Сребропряхи (Ветемаа) - страница 41

— Каким образом это показать? — опять кричит Мадис, но Карл-Ээро не дает себя сбить.

Вскоре камердинер оказывается в старом чепце домоправительницы, он весь обвешан дурацкими ленточками и бантиками, вместо веера ему в руку суют сковородку… И, наконец, требуют, чтобы он что-нибудь спел и сплясал.

— Вы полагаете, что он отказывается? — спрашивает ведущий режиссер и многозначительно смотрит на Синиранда. Синиранд понимает, что теперь кивать не следует. — Я и товарищ Синиранд полагаем, что он не отказывается. Он поет. Да, он поет. Он поет эстонскую народную песню, которая одухотвореннее и богаче немецкой лидертафельной безвкусицы.
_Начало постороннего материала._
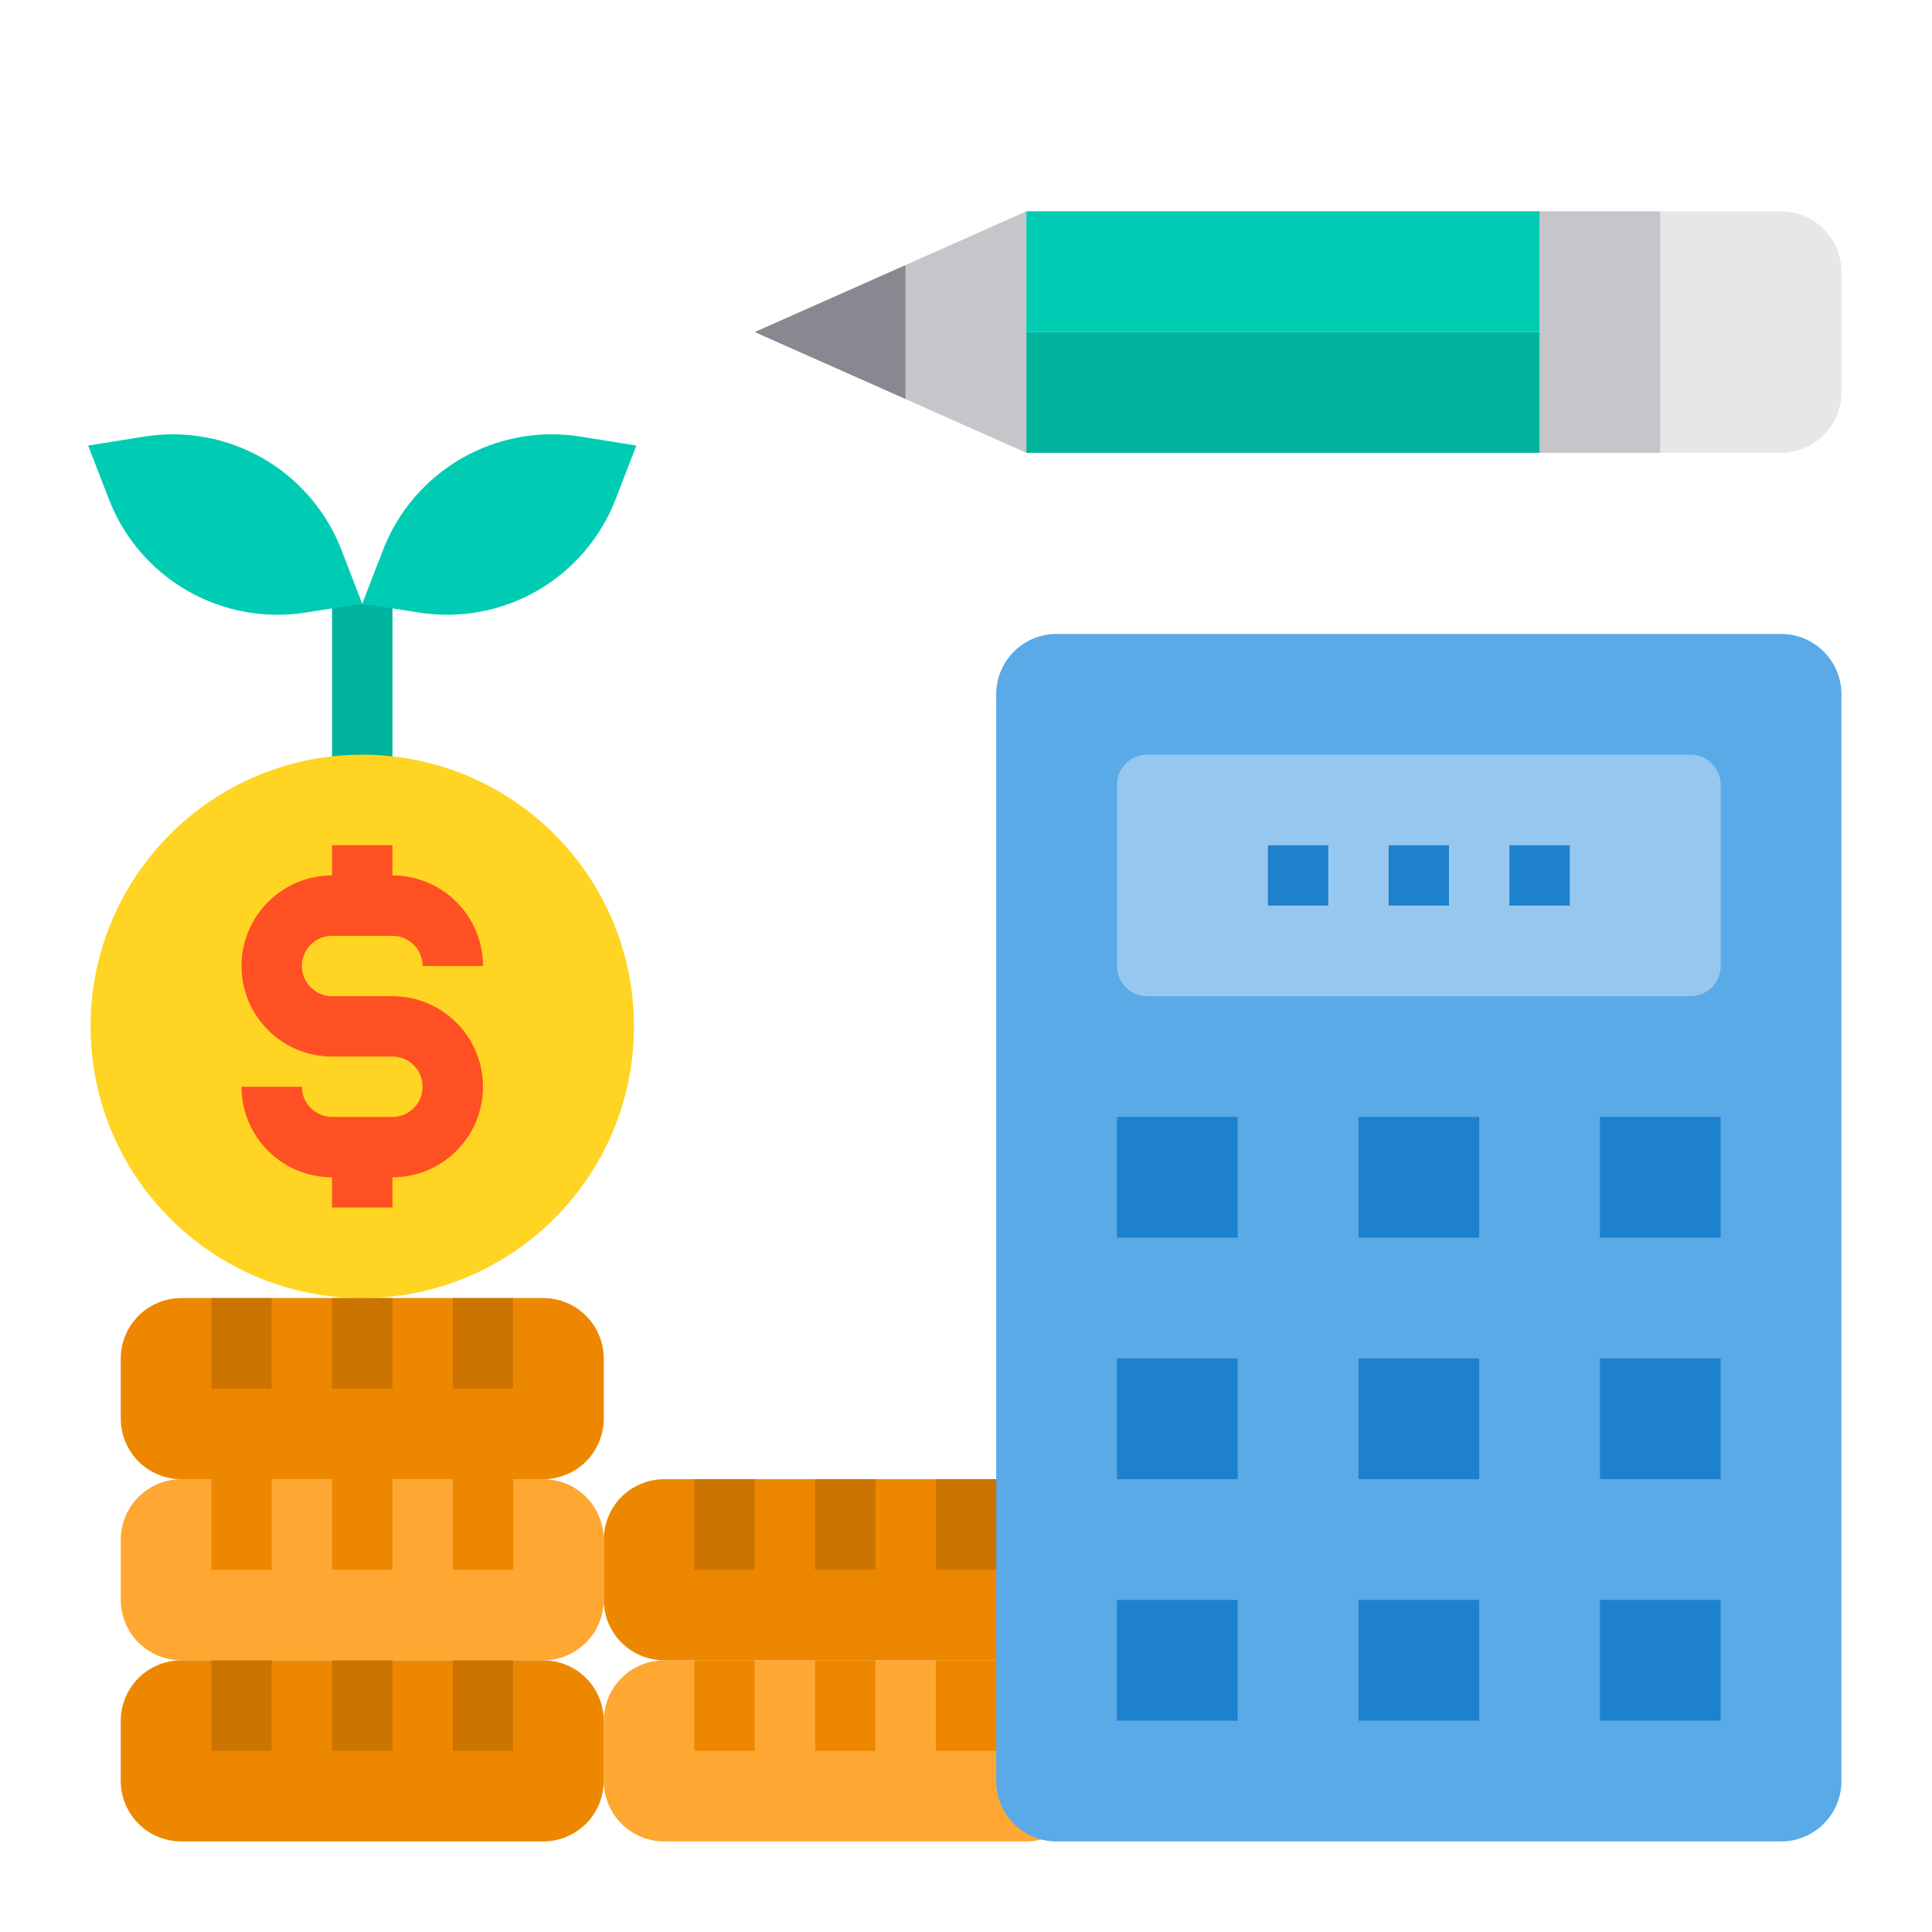 <?xml version="1.0" encoding="UTF-8" standalone="no"?> <svg xmlns="http://www.w3.org/2000/svg" width="64" height="64" viewBox="0 0 64 64" fill="none"><path d="M13 20H11V26H13V20Z" fill="#00B39D"></path><path d="M21.08 14.76L20.4 16.52C19.909 17.802 18.993 18.877 17.804 19.563C16.615 20.25 15.226 20.506 13.87 20.29L12 20L12.68 18.24C13.17 16.957 14.086 15.881 15.275 15.193C16.464 14.505 17.853 14.246 19.21 14.46L21.08 14.76Z" fill="#00CCB3"></path><path d="M11.32 18.24L12 20L10.13 20.29C8.774 20.506 7.385 20.25 6.196 19.563C5.007 18.877 4.091 17.802 3.6 16.52L2.92 14.76L4.79 14.46C6.147 14.246 7.536 14.505 8.725 15.193C9.914 15.881 10.83 16.957 11.32 18.24V18.24Z" fill="#00CCB3"></path><path d="M12 49H18C18.53 49.002 19.038 49.213 19.413 49.587C19.787 49.962 19.998 50.47 20 51V53C19.998 53.53 19.787 54.038 19.413 54.413C19.038 54.787 18.53 54.998 18 55H6C5.47 54.998 4.962 54.787 4.588 54.413C4.213 54.038 4.002 53.53 4 53V51C4.002 50.47 4.213 49.962 4.588 49.587C4.962 49.213 5.47 49.002 6 49H12Z" fill="#FFA733"></path><path d="M34 55C34.53 55.002 35.038 55.213 35.413 55.587C35.787 55.962 35.998 56.47 36 57V59C35.998 59.53 35.787 60.038 35.413 60.413C35.038 60.787 34.53 60.998 34 61H22C21.47 60.998 20.962 60.787 20.587 60.413C20.213 60.038 20.002 59.53 20 59V57C20.002 56.47 20.213 55.962 20.587 55.587C20.962 55.213 21.47 55.002 22 55H34Z" fill="#FFA733"></path><path d="M12 43H18C18.53 43.002 19.038 43.213 19.413 43.587C19.787 43.962 19.998 44.47 20 45V47C19.998 47.53 19.787 48.038 19.413 48.413C19.038 48.787 18.53 48.998 18 49H6C5.47 48.998 4.962 48.787 4.588 48.413C4.213 48.038 4.002 47.53 4 47V45C4.002 44.47 4.213 43.962 4.588 43.587C4.962 43.213 5.47 43.002 6 43H12Z" fill="#EE8700"></path><path d="M34 49C34.53 49.002 35.038 49.213 35.413 49.587C35.787 49.962 35.998 50.47 36 51V53C35.998 53.53 35.787 54.038 35.413 54.413C35.038 54.787 34.53 54.998 34 55H22C21.47 54.998 20.962 54.787 20.587 54.413C20.213 54.038 20.002 53.53 20 53V51C20.002 50.47 20.213 49.962 20.587 49.587C20.962 49.213 21.47 49.002 22 49H34Z" fill="#EE8700"></path><path d="M12 55H18C18.53 55.002 19.038 55.213 19.413 55.587C19.787 55.962 19.998 56.47 20 57V59C19.998 59.53 19.787 60.038 19.413 60.413C19.038 60.787 18.53 60.998 18 61H6C5.47 60.998 4.962 60.787 4.588 60.413C4.213 60.038 4.002 59.53 4 59V57C4.002 56.47 4.213 55.962 4.588 55.587C4.962 55.213 5.47 55.002 6 55H12Z" fill="#EE8700"></path><path d="M12 43C16.971 43 21 38.971 21 34C21 29.029 16.971 25 12 25C7.029 25 3 29.029 3 34C3 38.971 7.029 43 12 43Z" fill="#FFD422"></path><path d="M59 21H35C33.895 21 33 21.895 33 23V59C33 60.105 33.895 61 35 61H59C60.105 61 61 60.105 61 59V23C61 21.895 60.105 21 59 21Z" fill="#5AAAE7"></path><path d="M41 45H37V49H41V45Z" fill="#1E81CE"></path><path d="M57 53H53V57H57V53Z" fill="#1E81CE"></path><path d="M57 45H53V49H57V45Z" fill="#1E81CE"></path><path d="M57 37H53V41H57V37Z" fill="#1E81CE"></path><path d="M56 25H38C37.448 25 37 25.448 37 26V32C37 32.552 37.448 33 38 33H56C56.552 33 57 32.552 57 32V26C57 25.448 56.552 25 56 25Z" fill="#96C8EF"></path><path d="M49 53H45V57H49V53Z" fill="#1E81CE"></path><path d="M49 45H45V49H49V45Z" fill="#1E81CE"></path><path d="M49 37H45V41H49V37Z" fill="#1E81CE"></path><path d="M41 53H37V57H41V53Z" fill="#1E81CE"></path><path d="M41 37H37V41H41V37Z" fill="#1E81CE"></path><path d="M30 8.78V13.22L25 11L30 8.78Z" fill="#898890"></path><path d="M61 9V13C60.998 13.53 60.787 14.038 60.413 14.412C60.038 14.787 59.53 14.998 59 15H55V7H59C59.53 7.002 60.038 7.213 60.413 7.588C60.787 7.962 60.998 8.47 61 9V9Z" fill="#E6E7E8"></path><path d="M55 7V15H51V11V7H55Z" fill="#C6C5CA"></path><path d="M34 11V15L30 13.22V8.78L34 7V11Z" fill="#C6C5CA"></path><path d="M51 11H34V15H51V11Z" fill="#00B39D"></path><path d="M51 7H34V11H51V7Z" fill="#00CCB3"></path><path d="M52 28H50V30H52V28Z" fill="#1E81CE"></path><path d="M48 28H46V30H48V28Z" fill="#1E81CE"></path><path d="M44 28H42V30H44V28Z" fill="#1E81CE"></path><path d="M13 43H11V46H13V43Z" fill="#CC7400"></path><path d="M17 43H15V46H17V43Z" fill="#CC7400"></path><path d="M9 43H7V46H9V43Z" fill="#CC7400"></path><path d="M13 49H11V52H13V49Z" fill="#EE8700"></path><path d="M17 49H15V52H17V49Z" fill="#EE8700"></path><path d="M9 49H7V52H9V49Z" fill="#EE8700"></path><path d="M13 55H11V58H13V55Z" fill="#CC7400"></path><path d="M17 55H15V58H17V55Z" fill="#CC7400"></path><path d="M9 55H7V58H9V55Z" fill="#CC7400"></path><path d="M29 55H27V58H29V55Z" fill="#EE8700"></path><path d="M33 55H31V58H33V55Z" fill="#EE8700"></path><path d="M25 55H23V58H25V55Z" fill="#EE8700"></path><path d="M29 49H27V52H29V49Z" fill="#CC7400"></path><path d="M33 49H31V52H33V49Z" fill="#CC7400"></path><path d="M25 49H23V52H25V49Z" fill="#CC7400"></path><path d="M13 33H11C10.735 33 10.48 32.895 10.293 32.707C10.105 32.52 10 32.265 10 32C10 31.735 10.105 31.48 10.293 31.293C10.48 31.105 10.735 31 11 31H13C13.265 31 13.52 31.105 13.707 31.293C13.895 31.48 14 31.735 14 32H16C16 31.204 15.684 30.441 15.121 29.879C14.559 29.316 13.796 29 13 29V28H11V29C10.204 29 9.441 29.316 8.879 29.879C8.316 30.441 8 31.204 8 32C8 32.796 8.316 33.559 8.879 34.121C9.441 34.684 10.204 35 11 35H13C13.265 35 13.52 35.105 13.707 35.293C13.895 35.48 14 35.735 14 36C14 36.265 13.895 36.52 13.707 36.707C13.52 36.895 13.265 37 13 37H11C10.735 37 10.48 36.895 10.293 36.707C10.105 36.52 10 36.265 10 36H8C8 36.796 8.316 37.559 8.879 38.121C9.441 38.684 10.204 39 11 39V40H13V39C13.796 39 14.559 38.684 15.121 38.121C15.684 37.559 16 36.796 16 36C16 35.204 15.684 34.441 15.121 33.879C14.559 33.316 13.796 33 13 33Z" fill="#FF5023"></path></svg>

Печальный мудрый мотив разрастается, крепнет, его тема развивается оркестром.

— Я полагаю, здесь можно использовать кантеле, — вставил Синиранд.

— Вполне уместно, — присоединился к нему Карл-Ээро. — Виды сельской местности, хутора, маленький угнетенный народ, полный жизненных сил, на фоне подлинно народной песни… Разве это невозможно? — И Карл-Ээро заверил, что вполне возможно. — Эта сцена чем-то напоминает «Генриха IV» — помните, у Генриха Манна большой праздник после Варфоломеевской ночи; Фейхтвангер тоже любит такие возвышенно драматические ситуации. Понимаете?

— Понимаю, что ты хочешь все отправить в задницу, — буркнул Картуль, невоспитанный человек, таким уж он уродился. — Манн, Фейхтвангер и Синиранд… Мощная троица…

Как ни выходит из себя Мадис Картуль, обвиняя коллегию в вульгарном социологизме, в овладении спецификой ораторского, а не киноискусства, эти угольки он все равно получает на свою голову. Коллегия требует от Синиранда внесения поправок. Синиранд, вежливо поупиравшись, соглашается.

Вот теперь и стоит перед Мадисом эта самая трудная в режиссерском деле задача: не будучи убежденным, убедить других. На столе в номере Мадиса пять пустых пивных бутылок.

— Они же оболтусы, эти барчата, а ты простой честный человек и поешь эстонскую песню. Наверняка это получится, наверняка это выгорит… — уверяет Мадис.

— Ни хрена не выгорит. Разве этакие оболтусы понимают, что я настоящий человек? А ежели они не понимают, на кой ляд я им петь буду? Никакого резона нет.

Яан Сокуметс огорчен и озабочен. Мадис тоже чувствует, что нет в этой песне ни малейшего резона, эта прелестная песенка нужна здесь, как корове седло. Но у Мадиса нет выхода. Он и так обращался со сценарием очень и очень запросто, все имеет границы.

— Чем больше они смеются, тем глупее выглядят, — доказывает он.

— Нет! Я, то есть камердинер, все-таки, выходит, еще глупее. Хоть мало-мальски разумный камердинер петь не станет. Он какую-нибудь штуку отмочит.